On a Tuesday session in July 2026, a dramatic conclusion unfolded at the Belize High Court: 28-year-old construction worker Andre Arthurs walked free after being acquitted of the 2025 murder of 33-year-old Mark Usher Jr. in Belize City.
Usher was killed in a public shooting at the intersection of Jabiru Street and Fabers Road in March 2025, a case that has dragged on for more than a year. Arthurs, a resident of the Fabers Road area, had been held in pre-trial detention after being formally charged with the fatal shooting. But the prosecution’s case quickly unraveled in court over a series of critical evidential gaps that the Crown could not resolve.
Presiding over the case, Justice Nigel Pilgrim delivered the not-guilty verdict after ruling that the prosecution failed to meet the required legal standard of proving guilt beyond a reasonable doubt. The entire prosecution’s argument rested almost entirely on the identification testimony of Interdiction Police Officer Lawrence Martinez.
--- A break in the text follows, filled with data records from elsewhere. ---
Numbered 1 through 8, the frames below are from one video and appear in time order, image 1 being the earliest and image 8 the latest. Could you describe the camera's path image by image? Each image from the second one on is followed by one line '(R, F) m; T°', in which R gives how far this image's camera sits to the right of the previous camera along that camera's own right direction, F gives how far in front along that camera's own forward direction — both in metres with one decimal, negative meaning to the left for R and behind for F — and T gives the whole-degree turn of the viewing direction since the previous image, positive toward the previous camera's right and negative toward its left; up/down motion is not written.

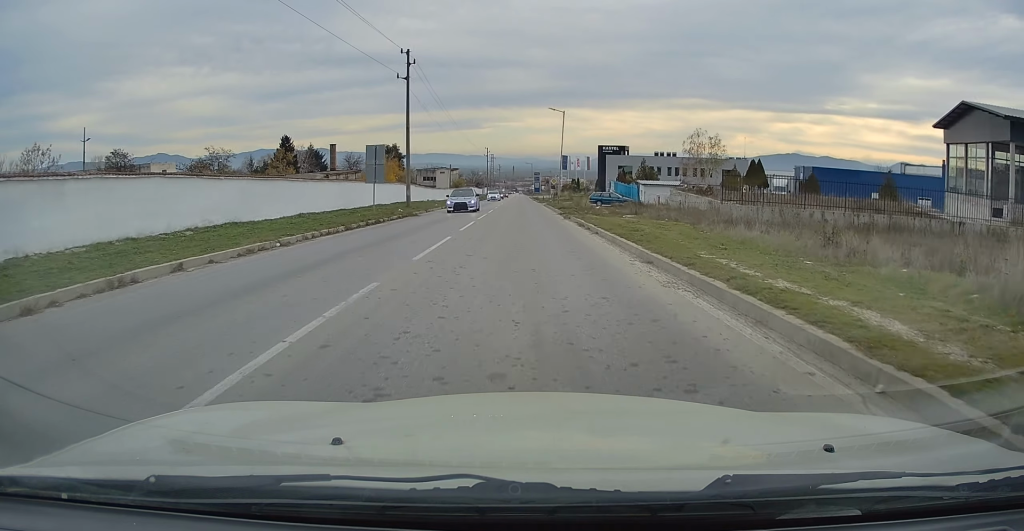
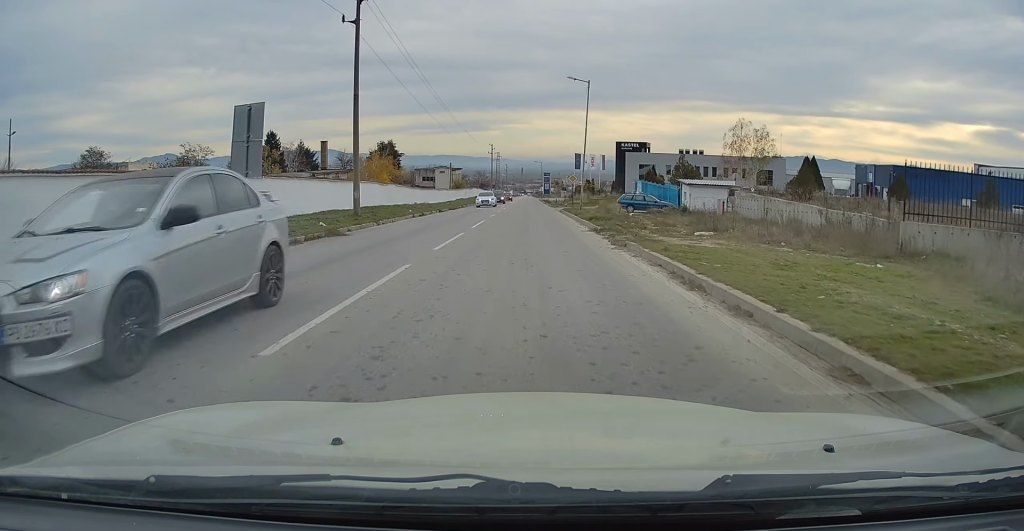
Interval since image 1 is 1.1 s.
(+0.1, +15.5) m; 0°
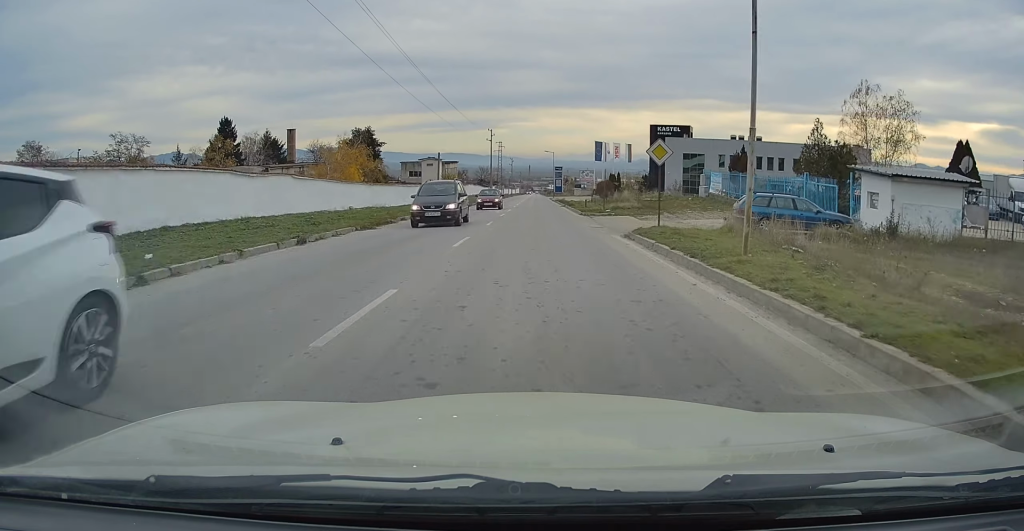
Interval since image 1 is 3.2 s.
(-0.7, +28.2) m; -1°
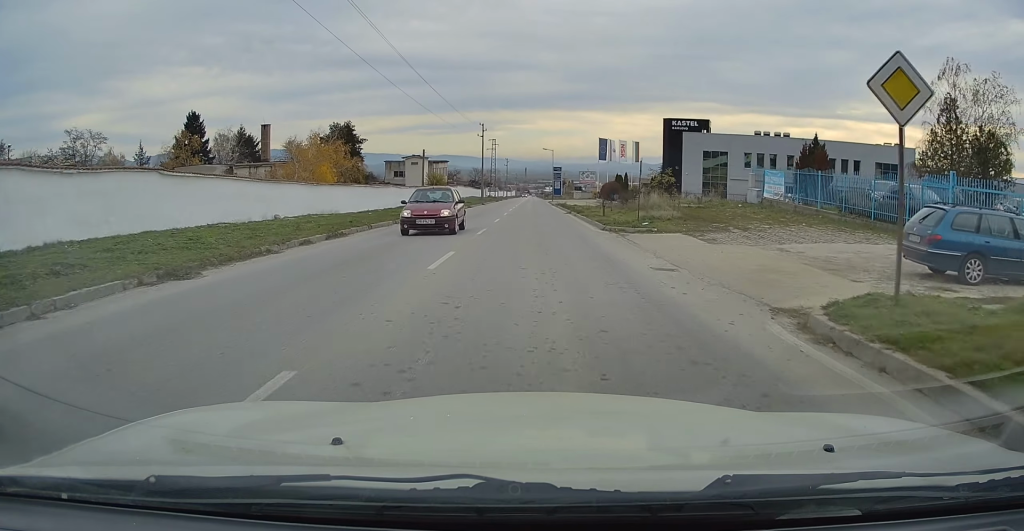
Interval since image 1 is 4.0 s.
(+0.2, +12.2) m; +1°
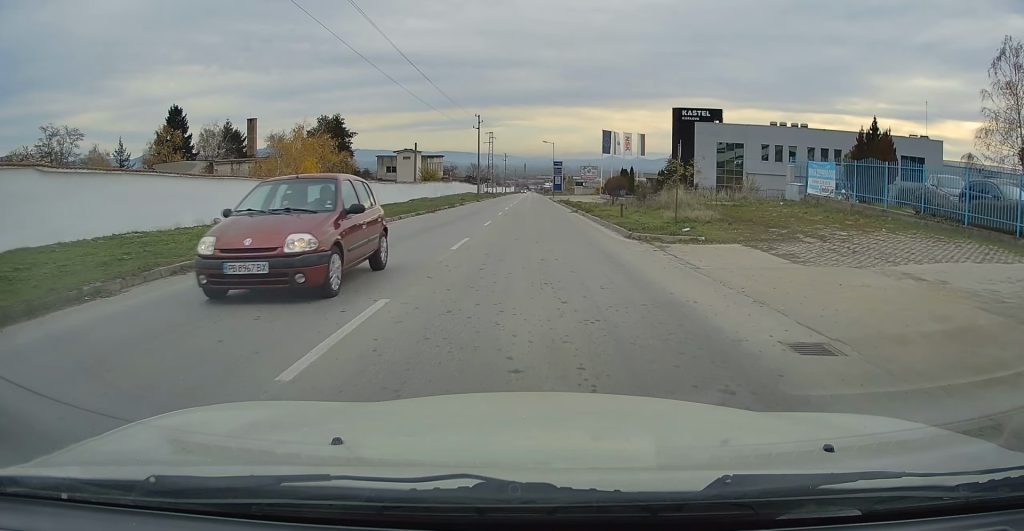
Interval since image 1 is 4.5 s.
(0.0, +6.1) m; 0°
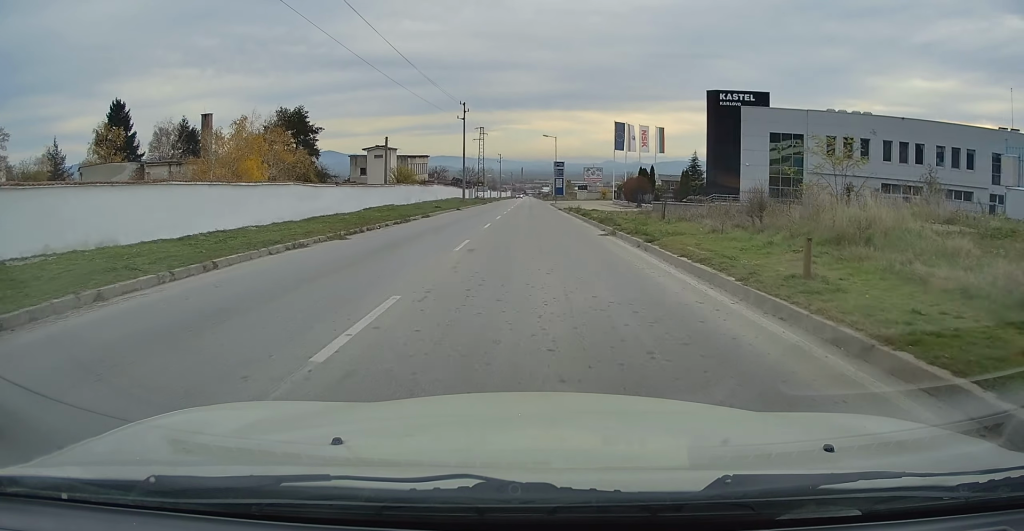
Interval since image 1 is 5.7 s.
(-0.1, +17.0) m; 0°
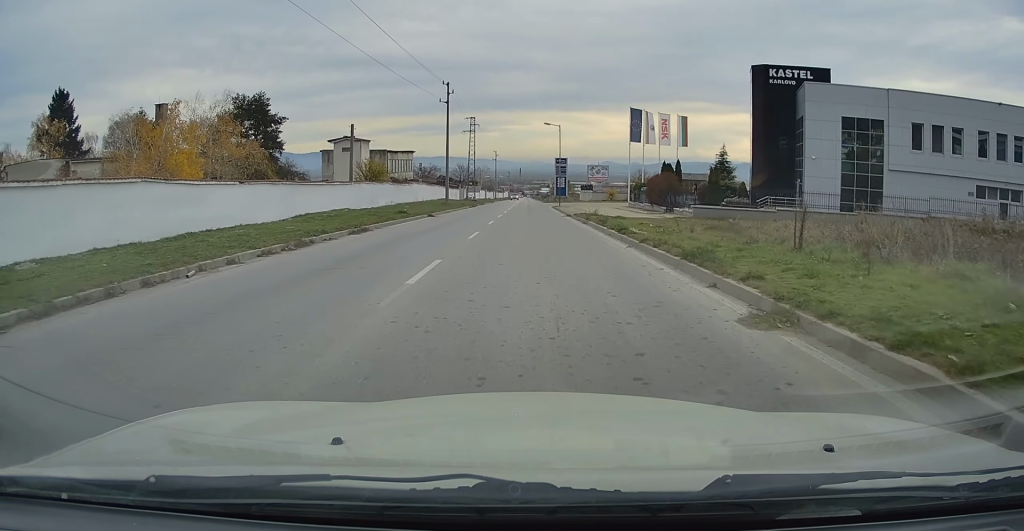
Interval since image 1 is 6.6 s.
(+0.2, +13.7) m; 0°
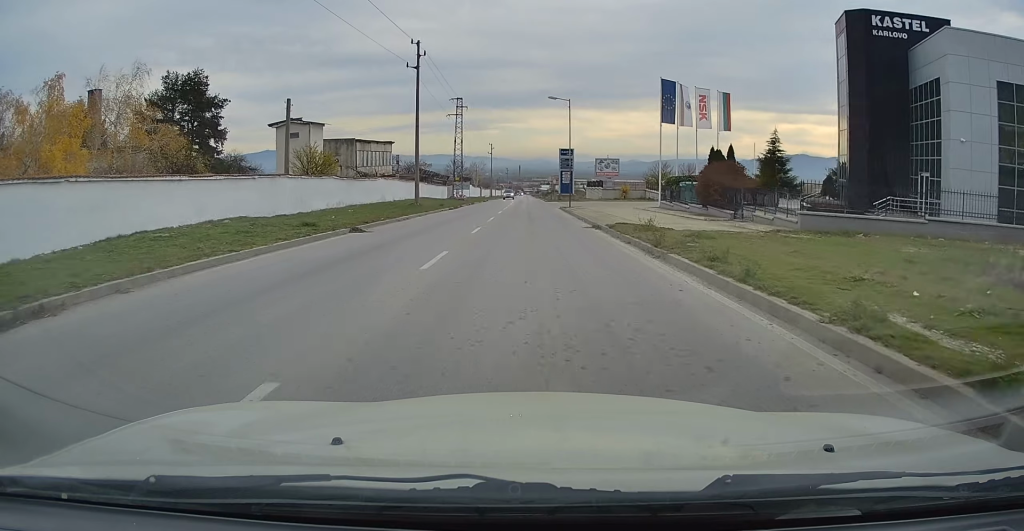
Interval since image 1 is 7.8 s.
(-0.2, +16.1) m; 0°

Martinez told the court that moments after the shooting, he observed a man in a blue shirt riding a bicycle away from the crime scene. He later picked Arthurs out during a group identification procedure.
While Justice Pilgrim acknowledged that Martinez appeared to be a sincere and credible witness on the stand, major procedural flaws in the identification process created unavoidable doubt. The court learned that the prosecution never provided evidence confirming that other participants in the identification lineup matched Arthurs’ core physical characteristics, including height, skin tone, age, and general build. Without that critical alignment, the court could not confirm that the identification was not a result of improper suggestion or chance.
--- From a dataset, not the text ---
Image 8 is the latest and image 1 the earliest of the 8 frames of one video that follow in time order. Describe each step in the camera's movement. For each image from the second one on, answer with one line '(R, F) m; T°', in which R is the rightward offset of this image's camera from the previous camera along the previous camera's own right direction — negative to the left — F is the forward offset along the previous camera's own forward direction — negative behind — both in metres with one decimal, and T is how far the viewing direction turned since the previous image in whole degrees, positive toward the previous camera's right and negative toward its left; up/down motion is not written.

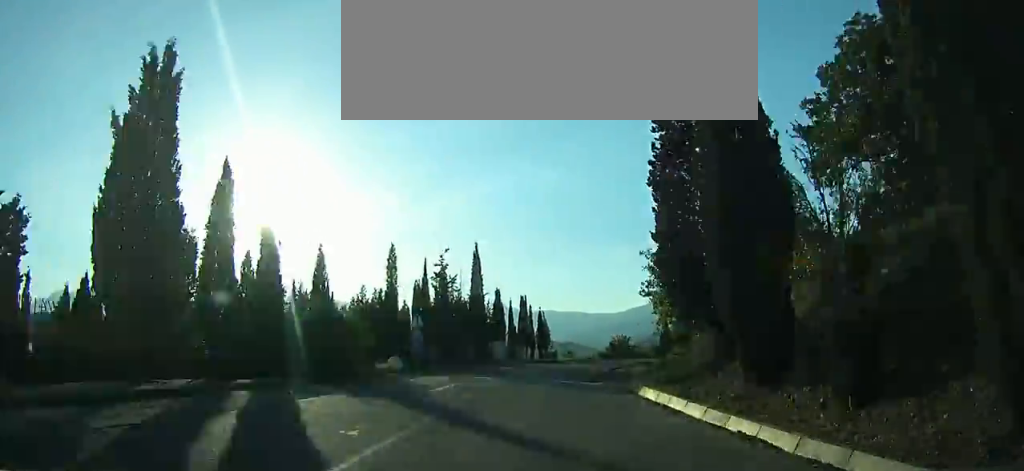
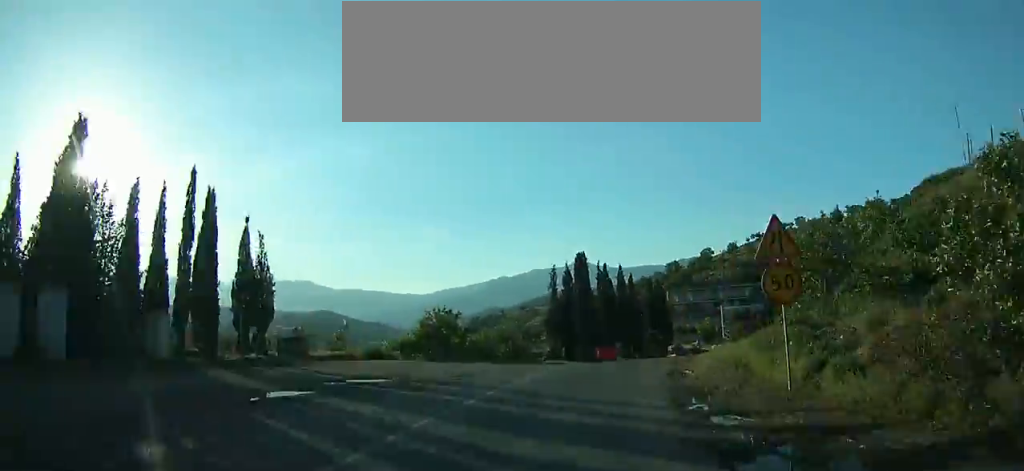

The evidential deficiencies extended far beyond the flawed identification process. Investigators never tested Arthurs’ hands for gunshot residue, a standard step in most shooting investigations that could have tied him to the weapon. The prosecution also failed to produce any DNA evidence linking Arthurs to the crime, never recovered the alleged firearm used in the shooting, and never obtained a search warrant to connect the reported blue shirt to Arthurs. Even the suspect’s abandoned bicycle, a key piece of physical evidence described by the officer, was never properly accounted for in the investigation, leaving a host of unanswered questions about its connection to the case.
Justice Pilgrim emphasized in his ruling that the Crown bears the legal burden of proving every element of a criminal charge beyond a reasonable doubt. In this case, that meant confirming beyond question that the identification evidence was reliable enough to conclude Arthurs was the shooter. Without that certainty, any guilty conviction would be legally unsound.
Throughout the entire trial, Arthurs repeatedly maintained his innocence. He told the court that at the time of the shooting, he was at his home hosting a barbecue with friends, placing him far from the crime scene. After the verdict was read, Arthurs left the courthouse surrounded by supporting relatives, a free man after more than a year of legal uncertainty. Mark Usher Jr.’s mother, who attended the ruling to hear the outcome, left the courthouse shortly after the verdict was announced. Andre Arthurs was represented throughout the proceedings by defense attorney Simeon Sampson.